Eddie Moss

No. 27, 36
- Position: Running back

Personal information
- Born: September 27, 1948 (age 77) Dell, Arkansas, U.S.
- Listed height: 6 ft 0 in (1.83 m)
- Listed weight: 215 lb (98 kg)

Career information
- High school: Poplar Bluff (MO)
- College: Southeast Missouri State
- NFL draft: 1972: 13th round, 313th overall pick

Career history
- St. Louis Cardinals (1973–1976); Washington Redskins (1977);

Career NFL statistics
- Rushing attempts: 22
- Rushing yards: 66
- Rushing TDs: 1
- Stats at Pro Football Reference

= Eddie Moss =

American football player (born 1948)

Eddie B. Moss (born September 27, 1948) is an American former professional football player who was a running back in the National Football League (NFL) for the St. Louis Cardinals and the Washington Redskins. He played college football for the Southeast Missouri State Redhawks and was selected by the Buffalo Bills in the 13th round of the 1972 NFL draft.

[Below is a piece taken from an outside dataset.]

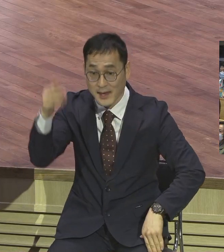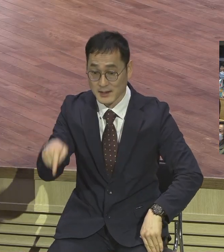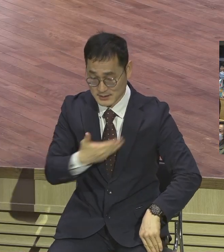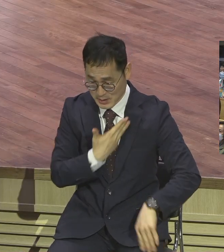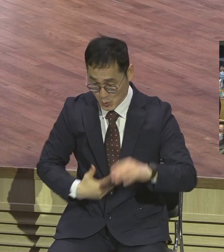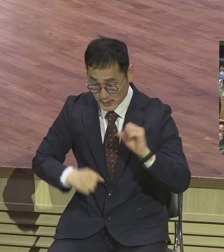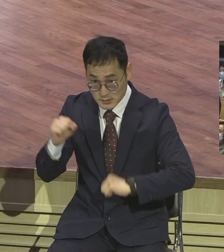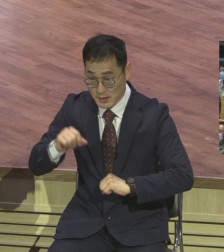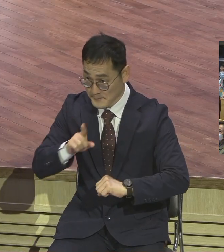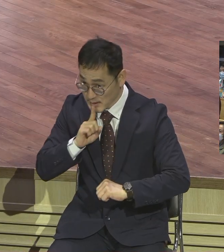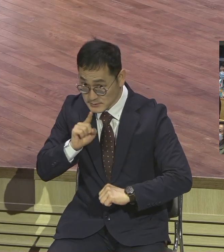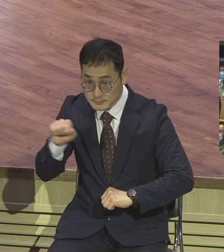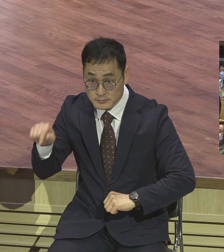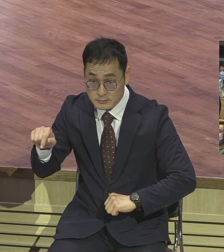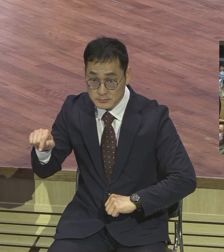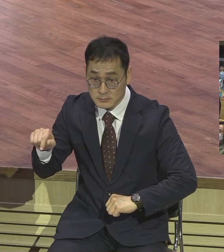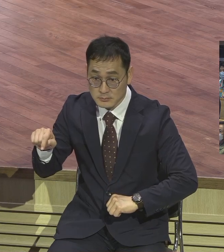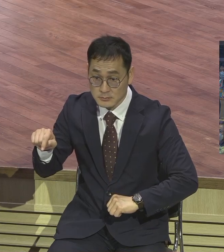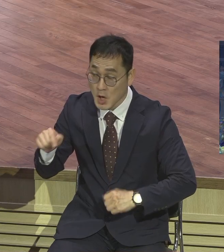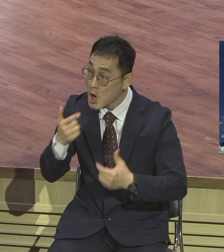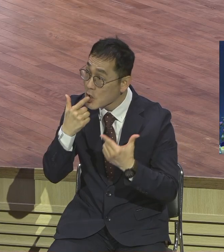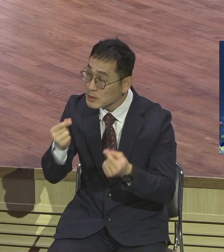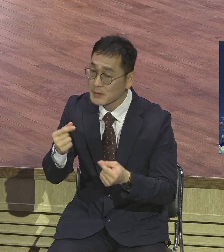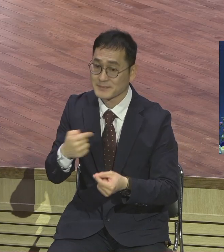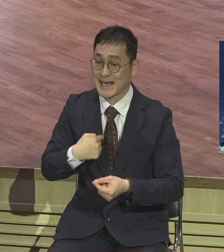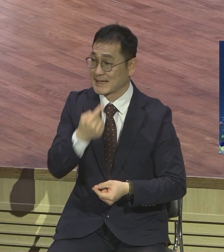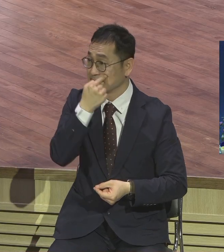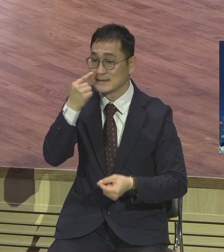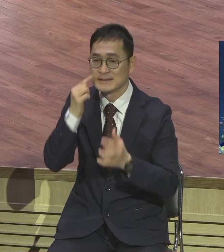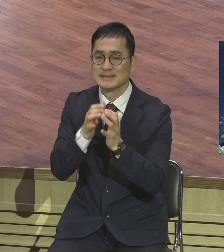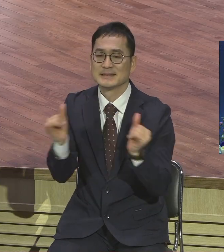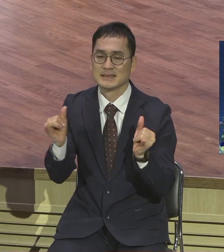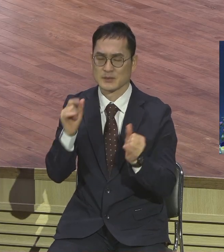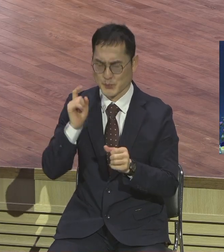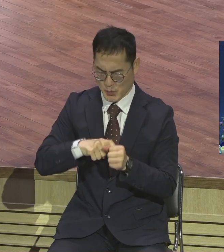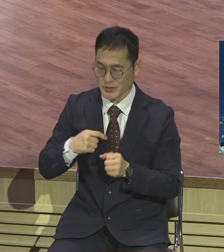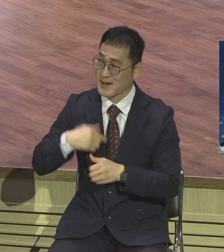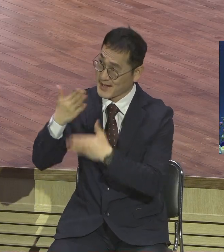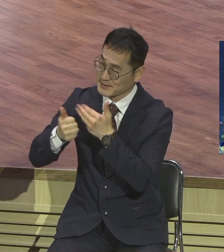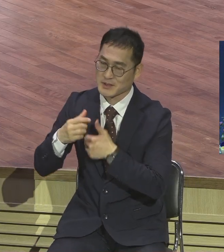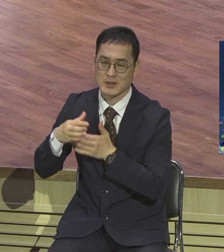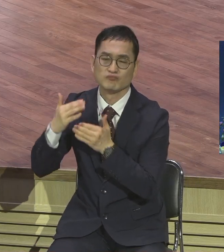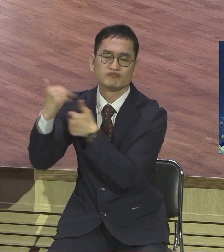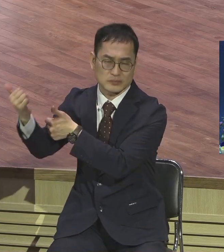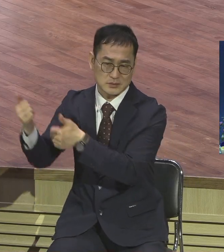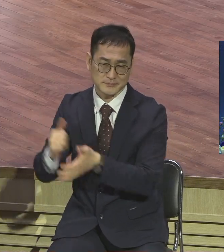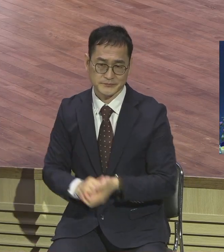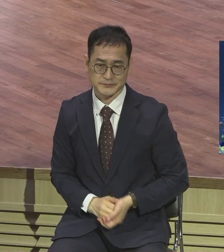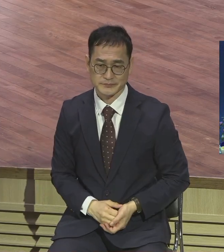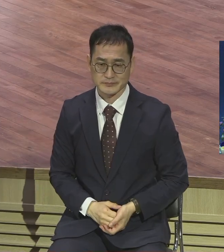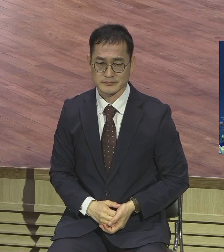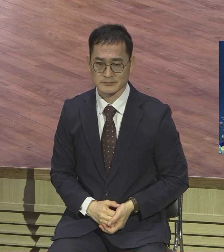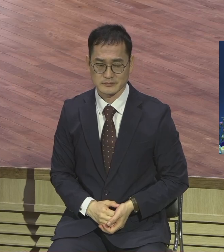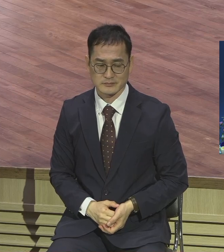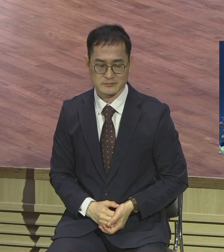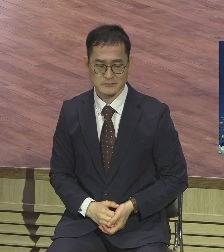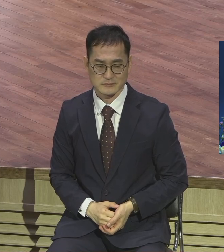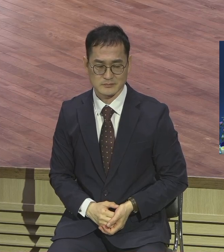정인되려고 사는 거예요 돈을 많이 벌어가 성공해가지고 이 일은 내가 행가시다 그리스도가 하셨다 정인되리라고

==High school and college years==
Moss was a 1967 graduate of Poplar Bluff High School where he starred on both sides of the ball. He was named all-conference at linebacker and running back his senior season on a team that finished with a 9–0 record. After high school, Moss played two seasons for Centerville Community College in Iowa and then transferred to Southeast Missouri State, in Cape Girardeau. At SEMO, he led the team in rushing his junior and senior years and combined to score 16 touchdowns.

==Pro career==
Moss was selected by the Buffalo Bills in the 13th round of the 1972 NFL draft but failed to make the team. He signed with the Cardinals in 1973 where he played four seasons, primarily on special teams and blocking for Terry Metcalf. The Cardinals won two NFC East division titles during his stay in St. Louis. He spent the final two years of his career in Washington before retiring after the 1978 season.

==Post career==
After retirement, Moss spent 27 years with the United Parcel Service and was inducted into the Missouri Sports Hall of Fame in 2016.

==Personal life==
He is the brother of former CFL running back, Leroy Moss.